[Records contained in a dataset]
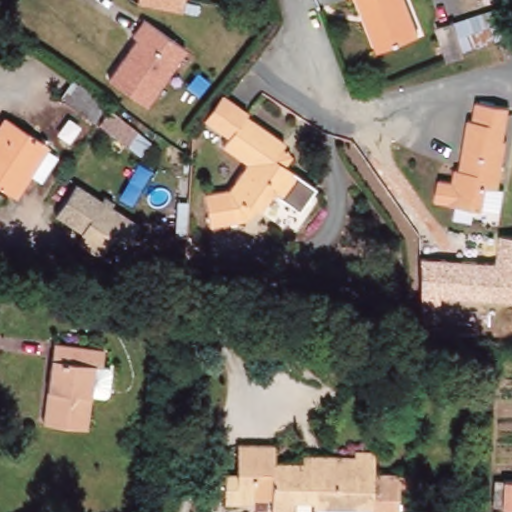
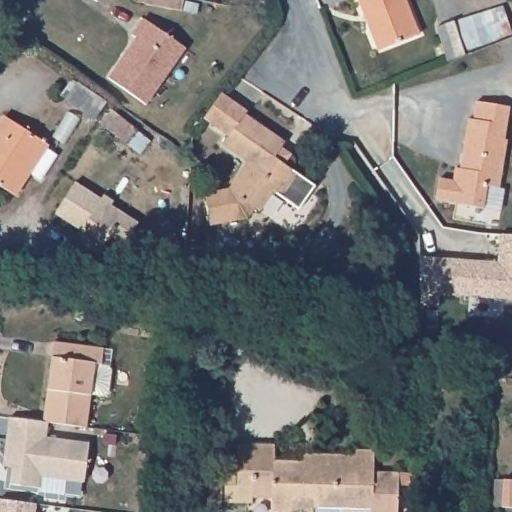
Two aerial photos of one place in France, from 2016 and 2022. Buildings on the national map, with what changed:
unchanged [(182,14),(139,5),(140,0),(185,0),(182,14)]
unchanged [(414,35),(374,50),(354,0),(401,0),(414,35)]
unchanged [(492,11),(497,25),(502,39),(466,51),(468,55),(450,62),(439,29),(457,23),(492,11)]
unchanged [(138,36),(133,33),(144,17),(186,47),(147,104),(110,77),(138,36)]
unchanged [(254,208),(253,209),(246,220),(208,224),(205,193),(226,191),(247,163),(222,145),(228,137),(203,119),(220,96),(221,95),(246,113),(244,116),(284,145),(274,159),(295,175),(314,189),(296,212),(283,203),(273,220),(258,211),(254,208)]
unchanged [(463,120),(468,120),(470,102),(504,107),(499,140),(502,140),(495,188),(482,186),(478,209),(446,205),(446,203),(431,200),(434,180),(447,182),(449,170),(455,171),(458,155),(463,120)]
unchanged [(47,147),(59,155),(44,178),(43,177),(31,170),(26,180),(16,194),(0,184),(0,124),(5,116),(48,146),(47,147)]
unchanged [(141,227),(114,267),(74,244),(81,234),(53,218),(75,183),(141,227)]
unchanged [(419,258),(497,262),(499,234),(512,235),(512,300),(439,295),(439,307),(417,306),(419,258)]
unchanged [(98,348),(96,364),(102,365),(106,370),(103,392),(100,395),(86,393),(82,427),(38,422),(38,421),(50,342),(98,348)]
new [(46,437),(89,443),(84,483),(41,478),(40,488),(9,484),(11,467),(2,466),(8,418),(38,421),(47,423),(46,437)]
unchanged [(272,512),(272,497),(252,496),(252,501),(224,500),(225,471),(237,471),(238,441),(275,443),(274,461),(303,462),(303,454),(315,454),(323,454),(354,455),(354,451),(374,451),(373,472),(398,473),(397,512),(370,512),(370,509),(333,508),(330,512),(321,512),(317,508),(313,508),(313,502),(293,501),(293,512),(272,512)]
unchanged [(505,478),(512,478),(512,506),(504,506),(505,478)]
new [(35,512),(0,512),(0,499),(36,504),(35,512)]

* **Activity**:
What lines in the entries above include the string "unchanged"? Return each one.

* **Task solution**:
unchanged [(182,14),(139,5),(140,0),(185,0),(182,14)]
unchanged [(414,35),(374,50),(354,0),(401,0),(414,35)]
unchanged [(492,11),(497,25),(502,39),(466,51),(468,55),(450,62),(439,29),(457,23),(492,11)]
unchanged [(138,36),(133,33),(144,17),(186,47),(147,104),(110,77),(138,36)]
unchanged [(254,208),(253,209),(246,220),(208,224),(205,193),(226,191),(247,163),(222,145),(228,137),(203,119),(220,96),(221,95),(246,113),(244,116),(284,145),(274,159),(295,175),(314,189),(296,212),(283,203),(273,220),(258,211),(254,208)]
unchanged [(463,120),(468,120),(470,102),(504,107),(499,140),(502,140),(495,188),(482,186),(478,209),(446,205),(446,203),(431,200),(434,180),(447,182),(449,170),(455,171),(458,155),(463,120)]
unchanged [(47,147),(59,155),(44,178),(43,177),(31,170),(26,180),(16,194),(0,184),(0,124),(5,116),(48,146),(47,147)]
unchanged [(141,227),(114,267),(74,244),(81,234),(53,218),(75,183),(141,227)]
unchanged [(419,258),(497,262),(499,234),(512,235),(512,300),(439,295),(439,307),(417,306),(419,258)]
unchanged [(98,348),(96,364),(102,365),(106,370),(103,392),(100,395),(86,393),(82,427),(38,422),(38,421),(50,342),(98,348)]
unchanged [(272,512),(272,497),(252,496),(252,501),(224,500),(225,471),(237,471),(238,441),(275,443),(274,461),(303,462),(303,454),(315,454),(323,454),(354,455),(354,451),(374,451),(373,472),(398,473),(397,512),(370,512),(370,509),(333,508),(330,512),(321,512),(317,508),(313,508),(313,502),(293,501),(293,512),(272,512)]
unchanged [(505,478),(512,478),(512,506),(504,506),(505,478)]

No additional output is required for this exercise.